I just want to share with you one case that we have last week and that involved some wrong kafka deplyment from puppet that actually filled the filesystems and got our colleagues that were using it for a transport layer on ELK.

Lets start with the begining, we have some puppet code to deploy and configure kafka machines. To keep it simple the broker config block from puppet looks like this:

$broker_config = {
    'broker.id'                     => '-1', # always set broker.id to -1.
    # broker specific config
    'zookeeper.connect'             => hiera('::kafka::zookeeper_connect', $zookeeper_connect),
    'inter.broker.protocol.version' => hiera('::kafka::inter_broker_protocol_version', $kafka_version),
    'log.dir'                       => hiera('::kafka::log_dir', '/srv/kafka-logs'),
    'log.dirs'                      => hiera('::kafka::log_dirs', '/srv/kafka-logs'),
    'log.retention.hours'           => hiera('::kafka::log_retention_hours', $days7),
    'log.retention.bytes'           => hiera('::kafka::log_retention_bytes', '-1'),
    # confiure availability
    'num.partitions'                => hiera('::kafka::num_partitions', 256),
    'default.replication.factor'    => hiera('::kafka::default_replication_factor', $default_replication_factor),
    # configurre administratability (this is a word now)
    'delete.topic.enable'           => hiera('::kafka::delete_topic_enable', 'true'),
  }

As you can see, there are two fields that need to be carefully configured, one is the log_retention_bytes and the other is the num_partitions.

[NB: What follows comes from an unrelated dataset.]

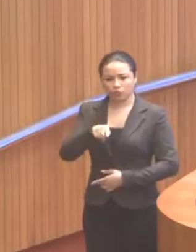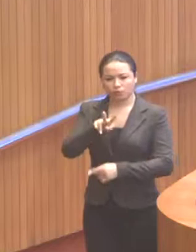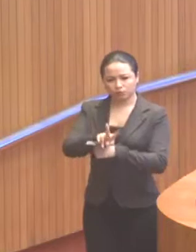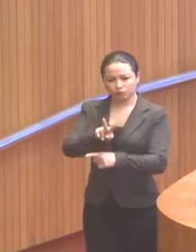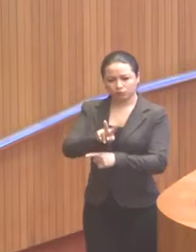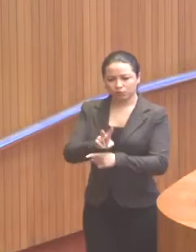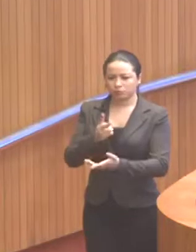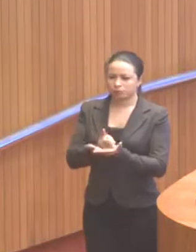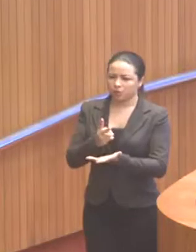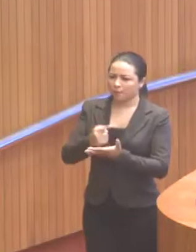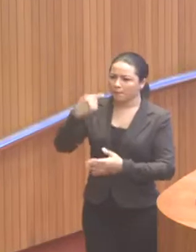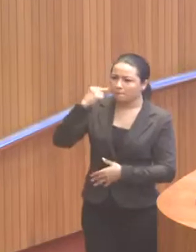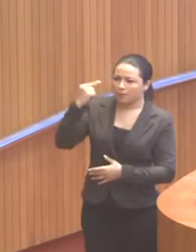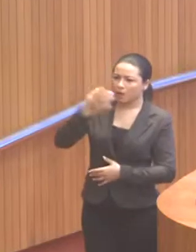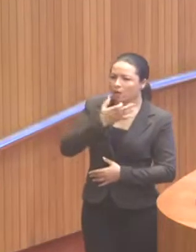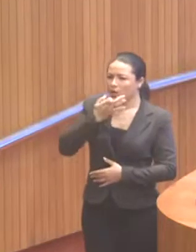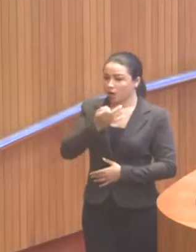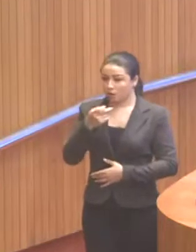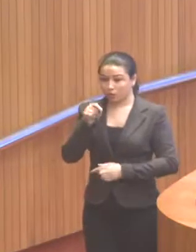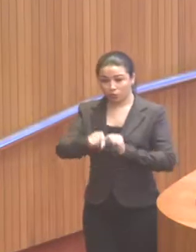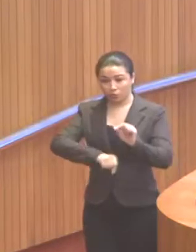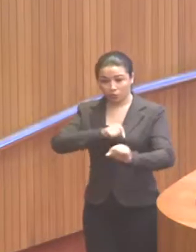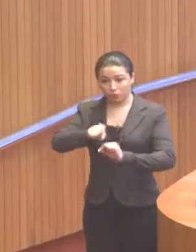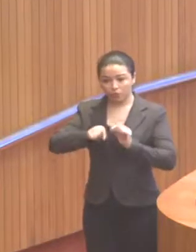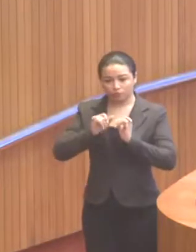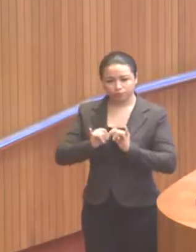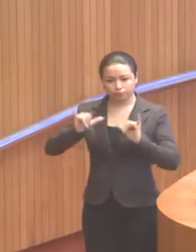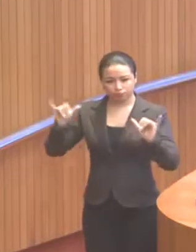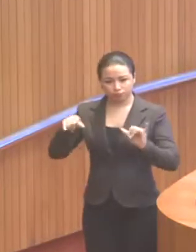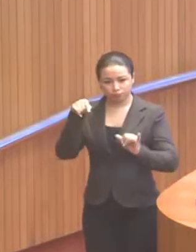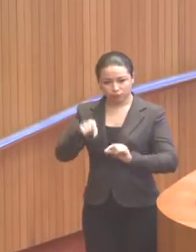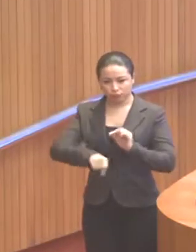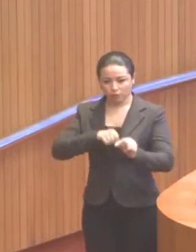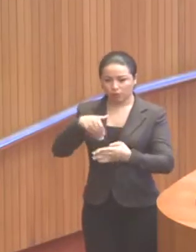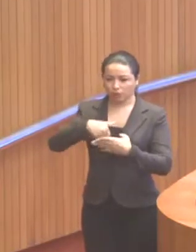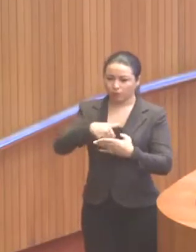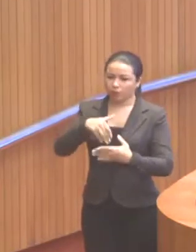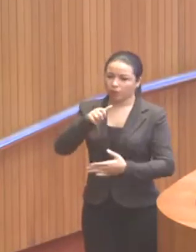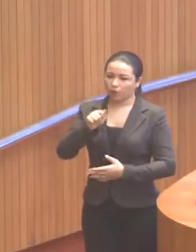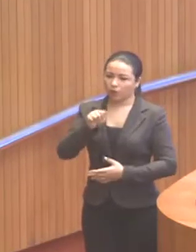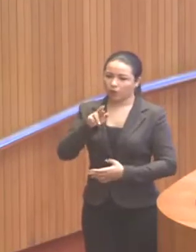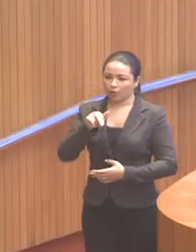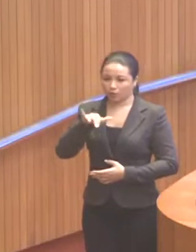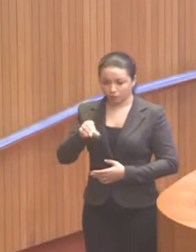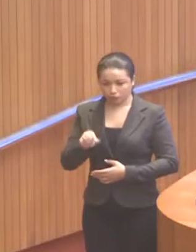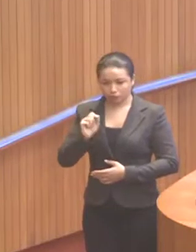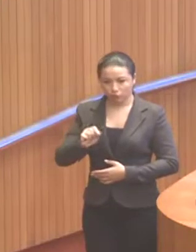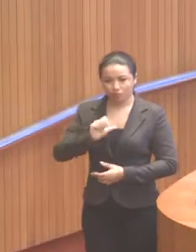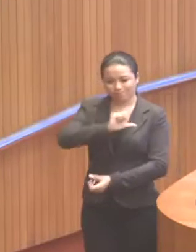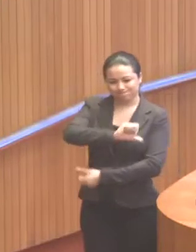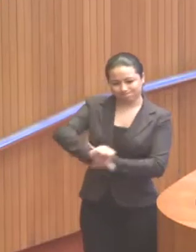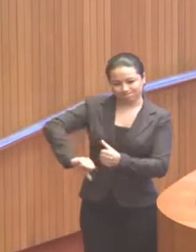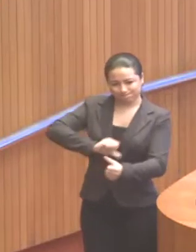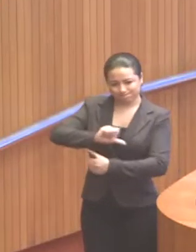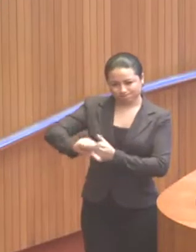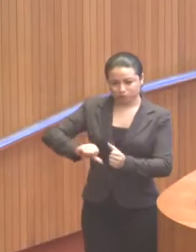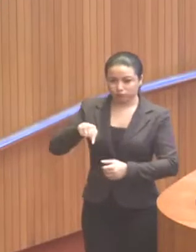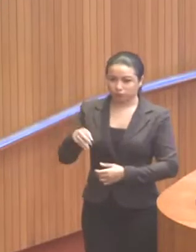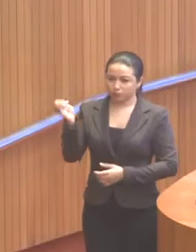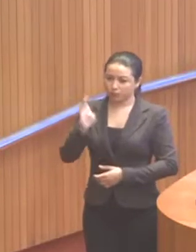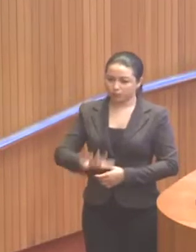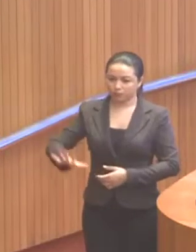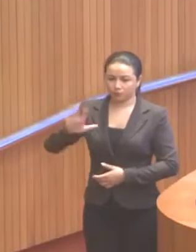defende e pensa, que foi declarando voto ao Aécio pela renovação e pela mudança no Brasil.
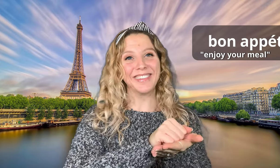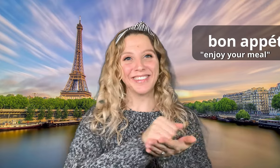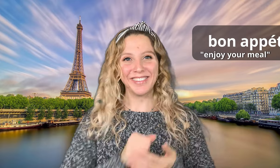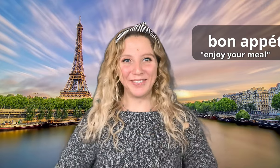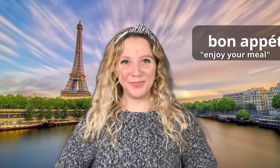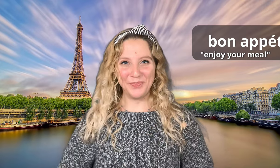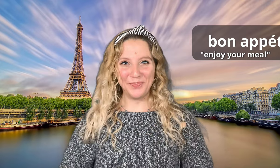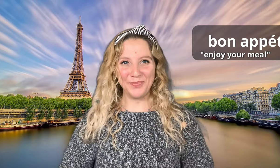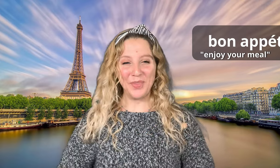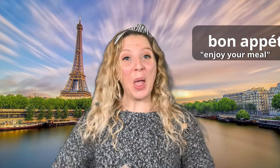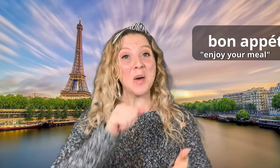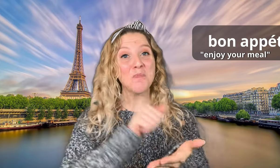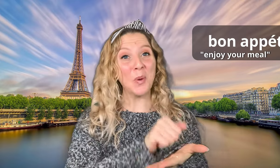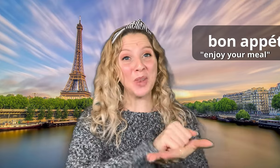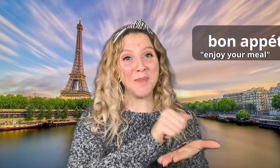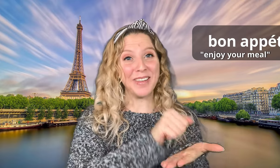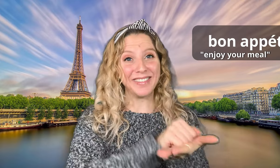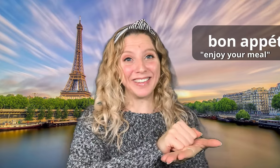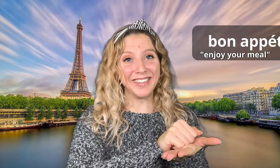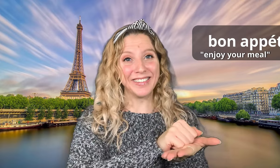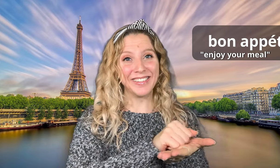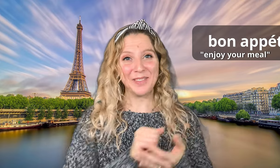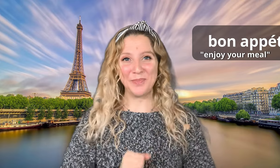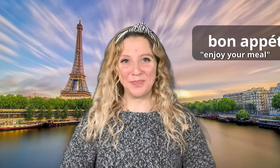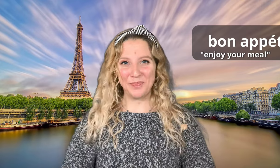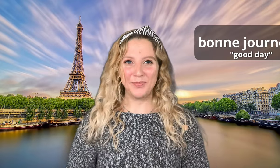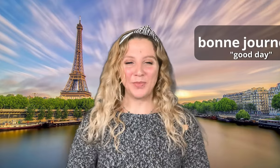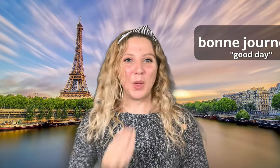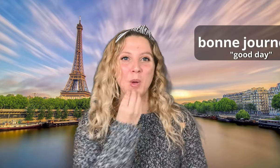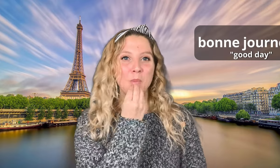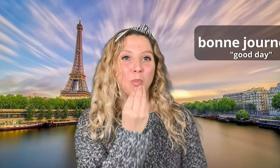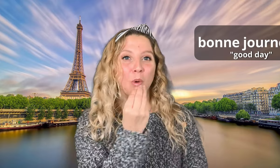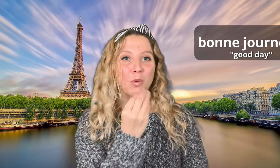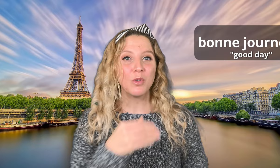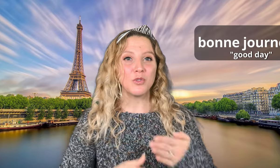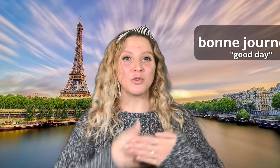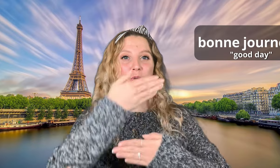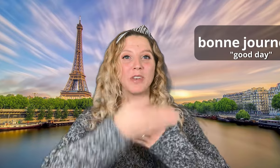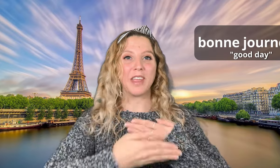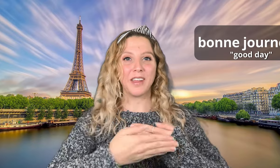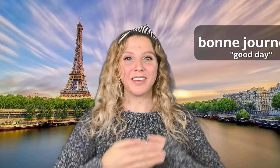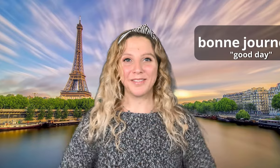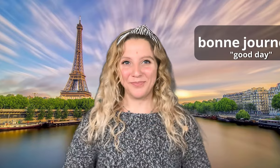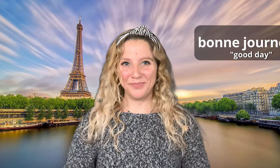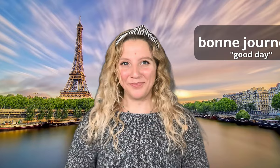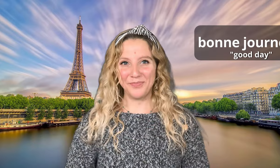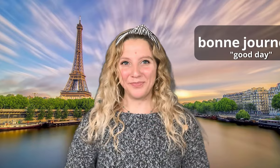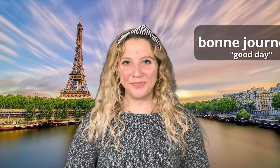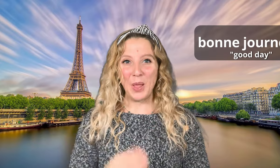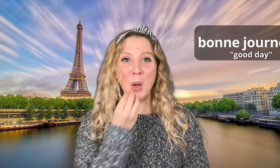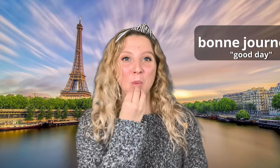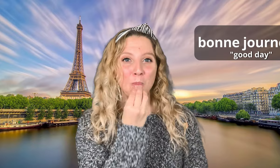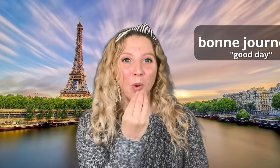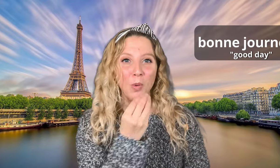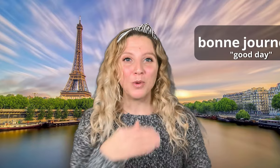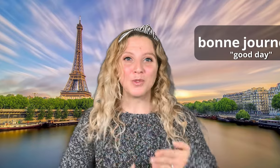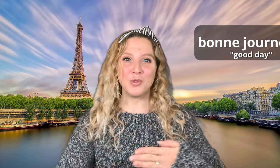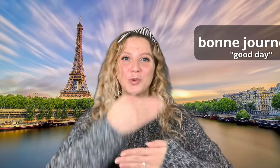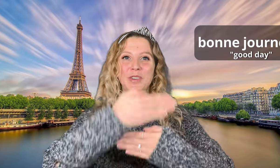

I am underlying this for a very simple reason, if we will take a look in the kafka server.properies file which the engine use to start the broker, we will see

log.retention.bytes=107374182400
num.partitions=256

Now, the first one is the default value (and it means the maximum size per partition), and if you go to an online converter you will see that it means 100GB. This shouldn’t be a problem if you override it topic based, and even more if you manually create a topic with one or two partitions and you have the required space. But our case was different, they were using for logstash which created a default topic configuration with 256 partitions and if the maximum size was 100GB then it though it had 25600GB which i am not mistaken should also translate in 25TB (yeah, that it’s usually more than enough for a ELK instance).

Since we were running only three nodes with 100GB filesystem each, you can imagine that it filled up and the servers crashed.

Now there are two ways to avoid this, depending the number of consumers in the consumer group, and also the retention period. If you have only one consumer and you want to have data for a larger period of time, you can leave it at 100GB (if you have that much storage available) and manually create a topic with 1 partition and a replication factor equal to the number of nodes that you want to use for high availability, or you can leave the partition number to 256, and you highly decrease the retention bytes value. This translates in an equal distribution of data on multiple consumers, but it comes with a lesser storage period of time (now it is also true that it depends on the amount and type of data that you are transferring).

The solution that we adopted is to leave the partition number unchanged and decrease the partition size to 200MB. Keep you informed how it works. 🙂

Cheers!